■ Input
══════

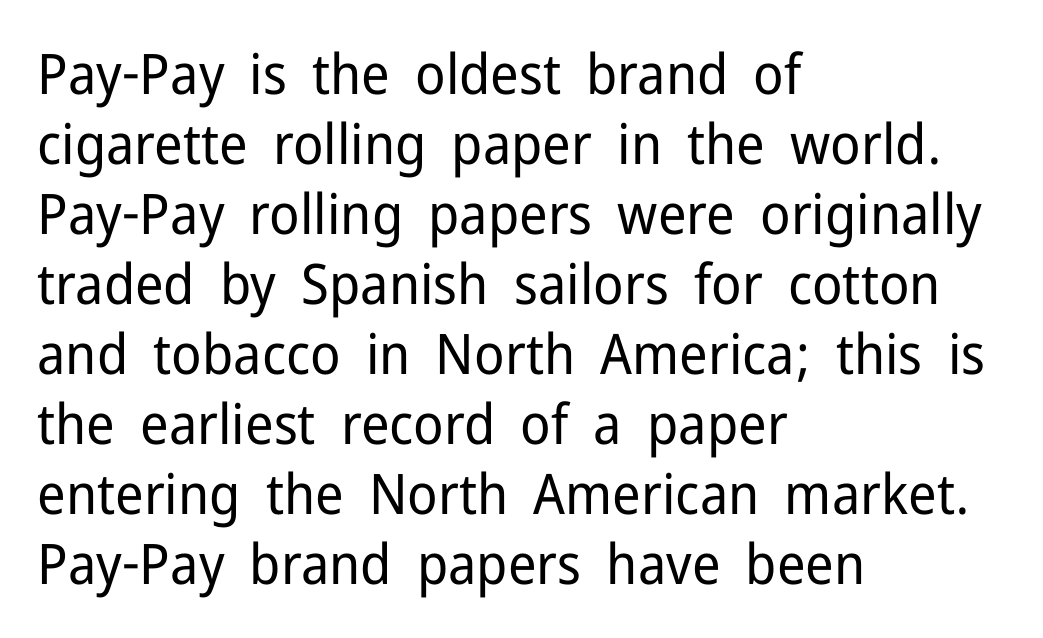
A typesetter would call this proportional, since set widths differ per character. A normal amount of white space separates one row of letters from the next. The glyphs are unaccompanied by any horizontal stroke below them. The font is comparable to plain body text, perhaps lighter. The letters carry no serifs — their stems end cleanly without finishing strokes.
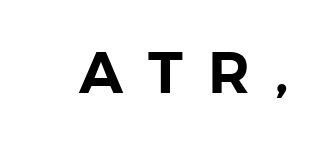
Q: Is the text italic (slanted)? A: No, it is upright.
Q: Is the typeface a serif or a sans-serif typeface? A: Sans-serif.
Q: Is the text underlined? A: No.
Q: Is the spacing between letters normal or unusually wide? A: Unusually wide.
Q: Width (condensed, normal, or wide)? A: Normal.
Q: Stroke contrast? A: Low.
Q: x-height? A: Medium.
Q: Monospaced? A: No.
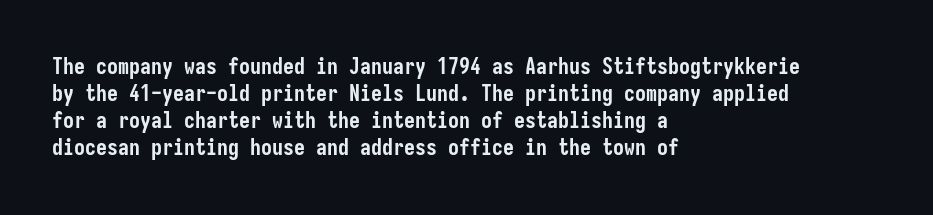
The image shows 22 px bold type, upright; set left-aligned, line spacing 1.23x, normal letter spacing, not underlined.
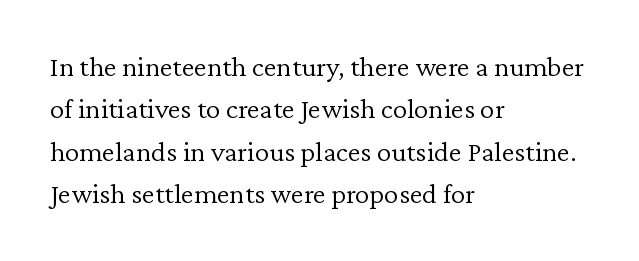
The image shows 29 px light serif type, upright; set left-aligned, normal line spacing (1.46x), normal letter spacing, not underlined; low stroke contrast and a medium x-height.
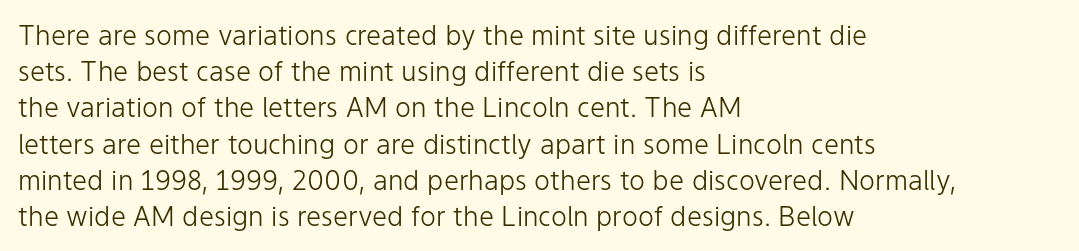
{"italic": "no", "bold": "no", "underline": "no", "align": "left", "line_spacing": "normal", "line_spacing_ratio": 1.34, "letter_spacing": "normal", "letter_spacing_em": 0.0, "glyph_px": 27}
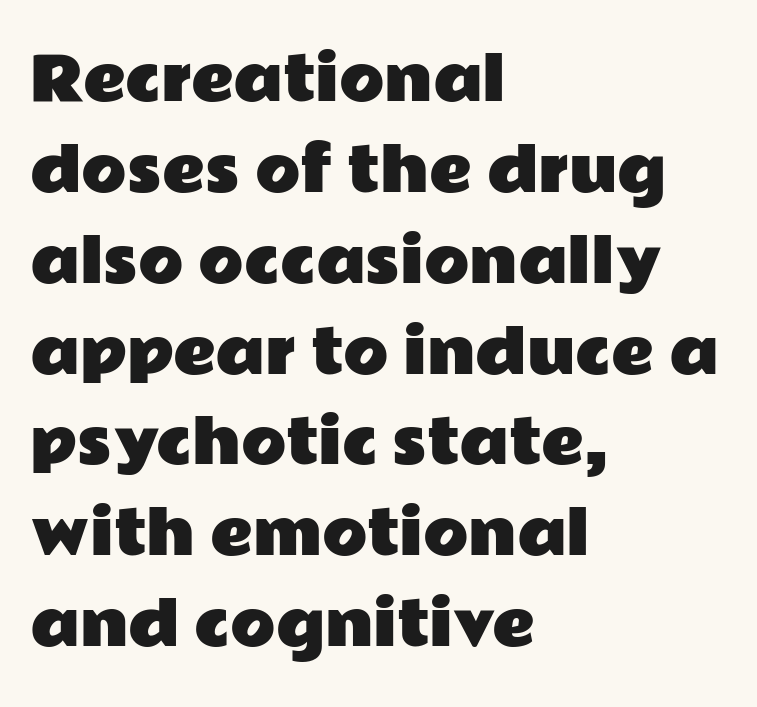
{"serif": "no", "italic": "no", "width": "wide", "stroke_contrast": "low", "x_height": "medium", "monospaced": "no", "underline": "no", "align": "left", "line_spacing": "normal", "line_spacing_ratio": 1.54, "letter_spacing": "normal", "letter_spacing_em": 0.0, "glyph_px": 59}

══════

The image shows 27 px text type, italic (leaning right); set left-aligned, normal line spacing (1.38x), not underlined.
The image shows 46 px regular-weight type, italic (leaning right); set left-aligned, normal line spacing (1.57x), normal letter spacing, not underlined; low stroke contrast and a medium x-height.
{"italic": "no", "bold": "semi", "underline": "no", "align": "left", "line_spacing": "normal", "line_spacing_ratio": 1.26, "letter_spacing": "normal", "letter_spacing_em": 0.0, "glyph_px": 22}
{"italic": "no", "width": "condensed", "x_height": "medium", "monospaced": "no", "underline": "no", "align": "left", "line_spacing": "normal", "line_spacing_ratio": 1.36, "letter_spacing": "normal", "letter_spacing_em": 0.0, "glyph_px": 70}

══════

■ Activity
From the material above, set down exactly the lines starting at the one with "Q: Is the text italic" and ending at the one with "Q: Is the spacing", end lines included.

■ Task output
Q: Is the text italic (slanted)? A: No, it is upright.
Q: Is the typeface a serif or a sans-serif typeface? A: Sans-serif.
Q: Is the text underlined? A: No.
Q: Is the spacing between letters normal or unusually wide? A: Unusually wide.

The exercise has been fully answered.